I look at this project as a challenge that I can do this myself, I am not on anyone’s time schedule only my own. I am taking my time, trying to do it right, once, so I can have a relatively reliable source of electricity in the foreseeable future. I am only sharing with you my challenges so you can learn a bit and make your own determination  what is best for you if you take on a project such as this. Ideally, yes it would have been nice to have an extra set of hands but I only have four paws with no opposable thumbs available most of time. She doesn’t like to mess her nails up much so I don’t ask.

 

 

 

 

 

 

 

 

 

 

This next section maybe hard to explain and follow, so I asked you play along with me a bit here and be patient.

The images are from the weekend after dragging a 300 lbs. battery sled across the ground, just to give you a time line perspective.

How do I get a 250 lbs. battery off the floor, and up 60″ into the air, line things up and hard mount to a wall? I looked at and thought of about 5 different ways of doing this and not cost a ton of money. Amazon has some pretty neat lifts that you can buy that can put 500 lbs. 7′ in the air for you and are made to do what I needed, I don’t have $800 to spend on a one time use product though. So my thought was buy a motor cycle jack that will get 300 lbs 34″ in the air using your foot to pump a bottle jack. Pretty cool jack that has wheels, problem is I needed at least 60″ of floor clearance and I was short 26″. So I built a box 26″ high that I was going to mount to the jack, put the HAB on the box that sits on the jack and roll it into place. That was the plan.

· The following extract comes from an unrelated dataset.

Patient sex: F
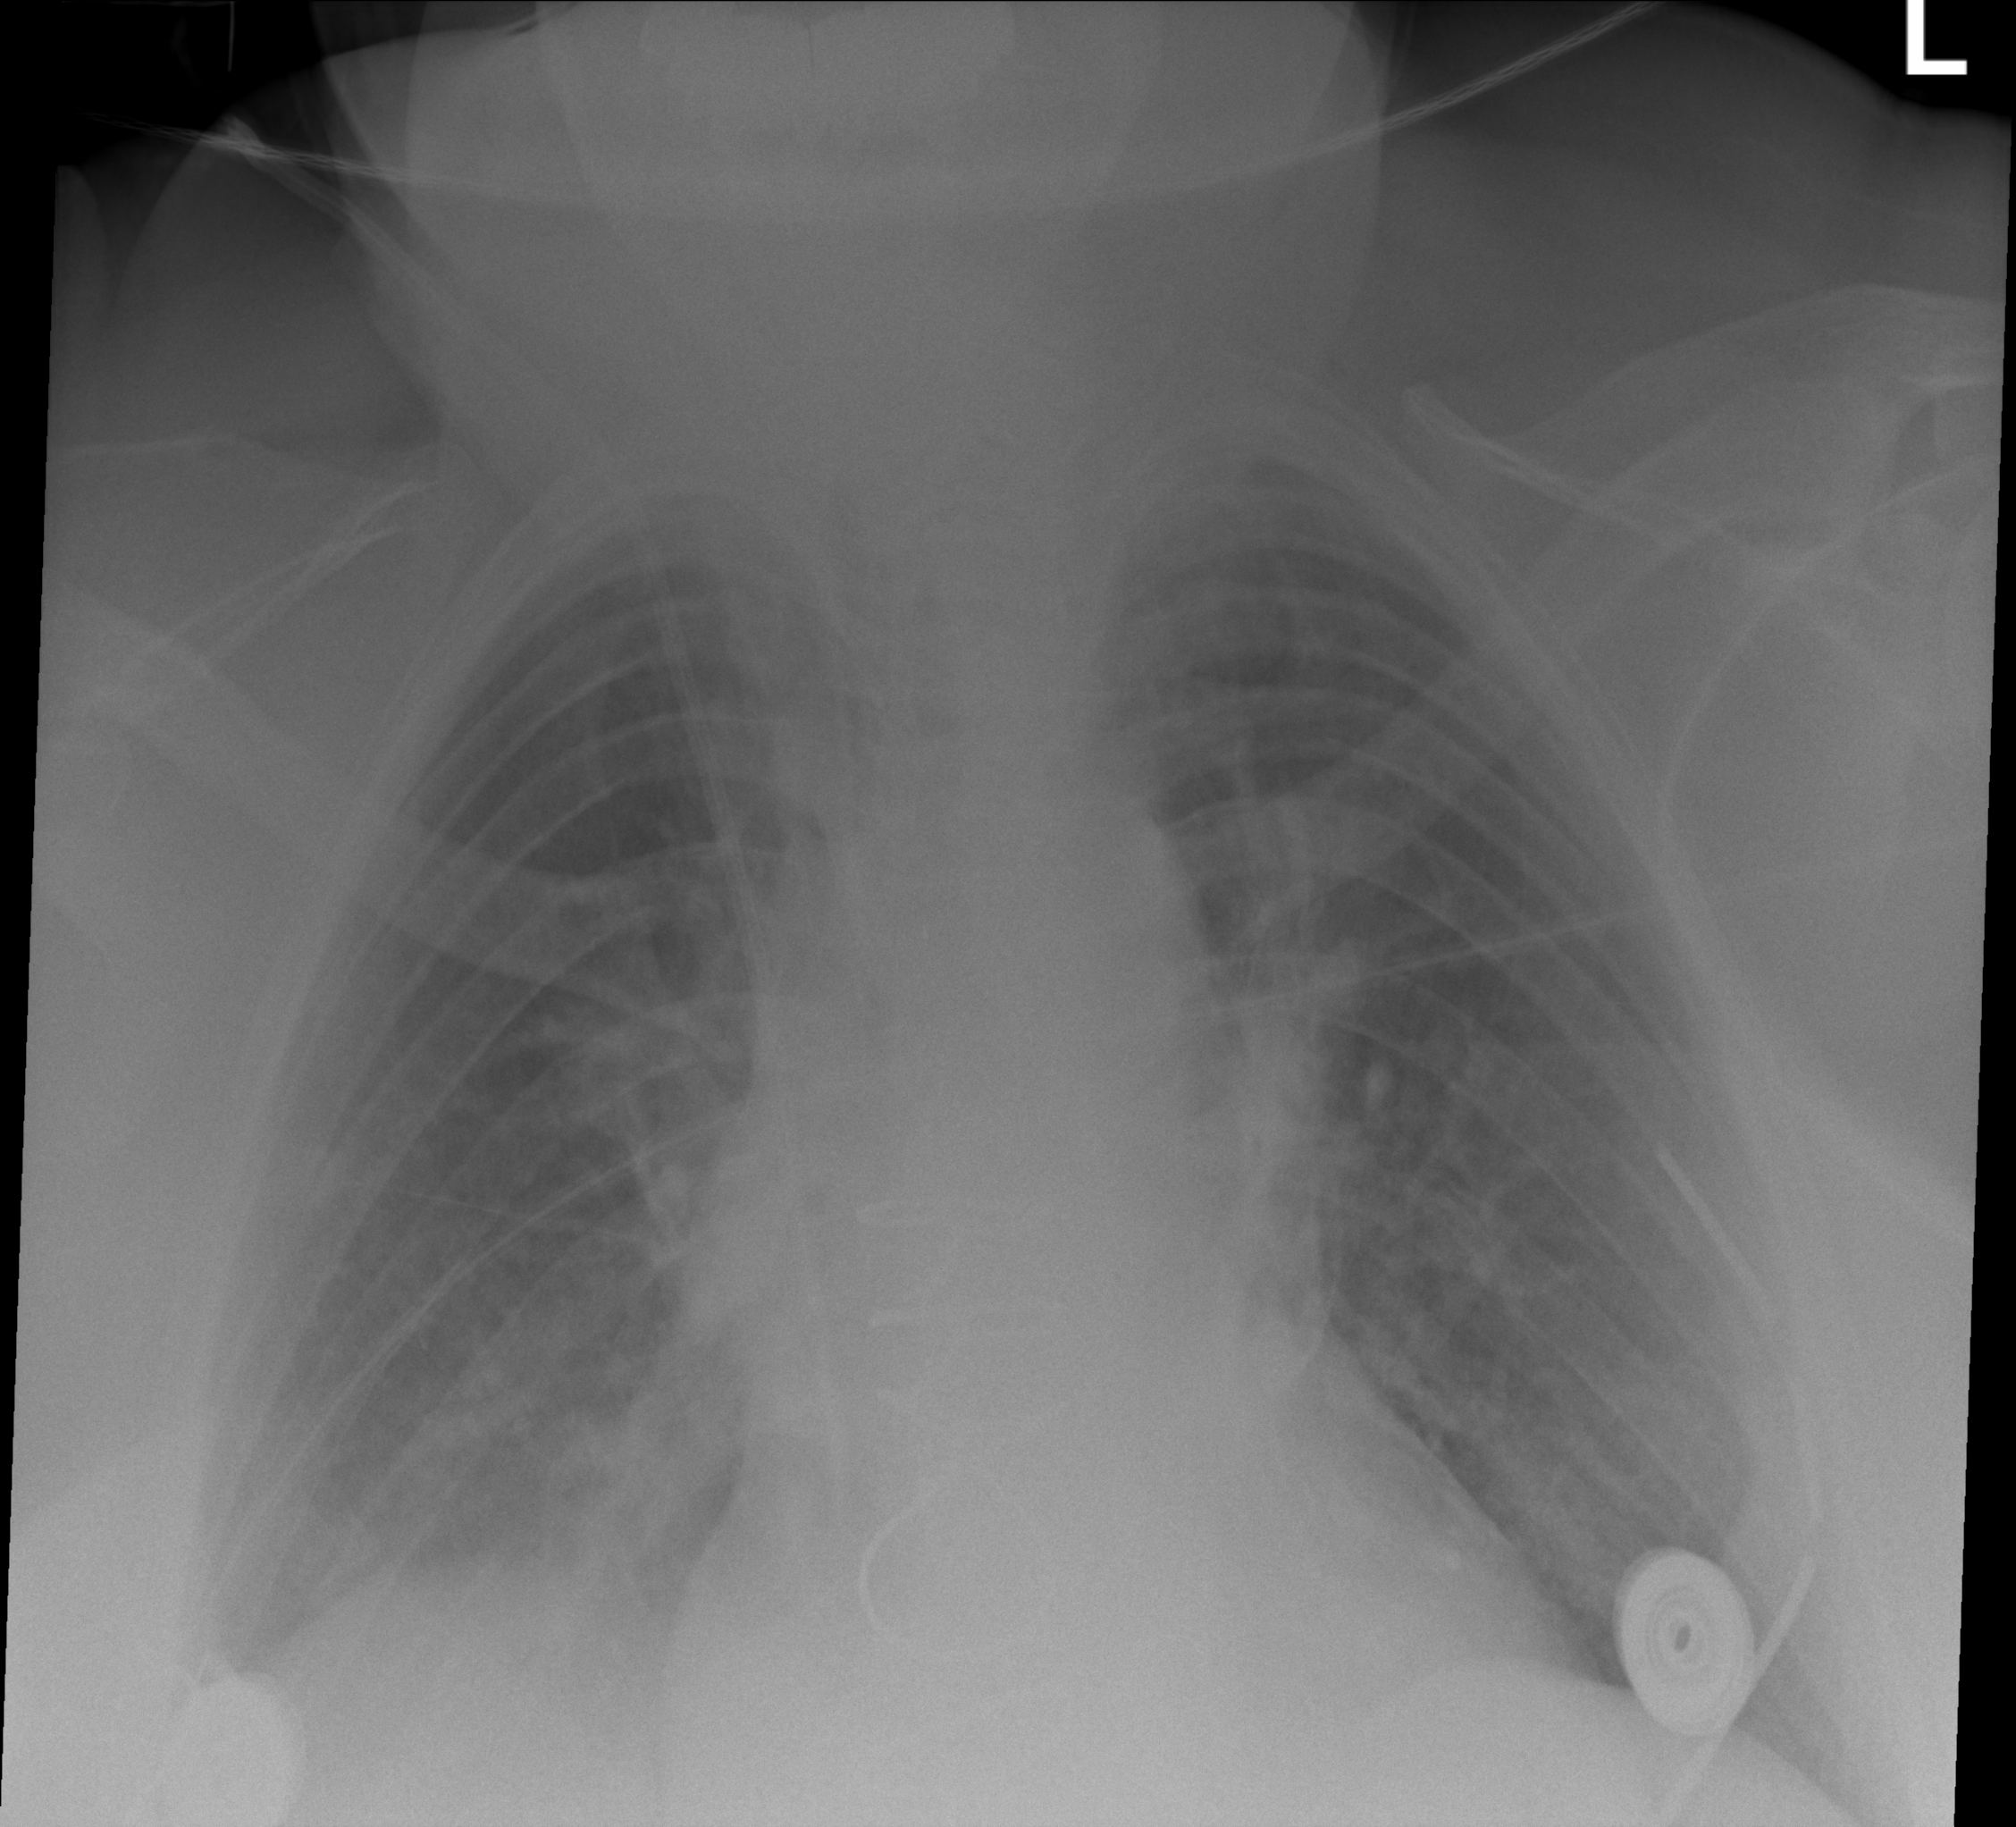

To get the HAB onto the jack I had to stack 2×4’s underneath the HAB high enough to roll a floor jack under then jack the HAB up and then slide the HAB over and onto the motorcycle jack, then lift the HAB up to a set of saw horses, slide the HAB on to the saw horses, build the box………..and now I am at a 16″ deficit between the level of the saw horses and the top of the box sitting on the motorcycle jack. Still with me? I’m not so you are Ok. I tried repeating the floor jack exercise on top of the saw horses to get to that magic 16″ only to realize that now, I have 250 lbs. 4′ off the ground, unbalanced on a floor jack and I now I want to move it over to another jack and roll it around? Again I looked at the dog and she gave that “if I were doing were to roll in raccoon crap would you not scold me” , look?  Yeah she was right. I could see physics taking over, and that 250 lbs. HAB hitting the floor and making an escape hatch into the sub-flooring for me. So I backed off and called it a day.

Time to regroup and formulate a plan B.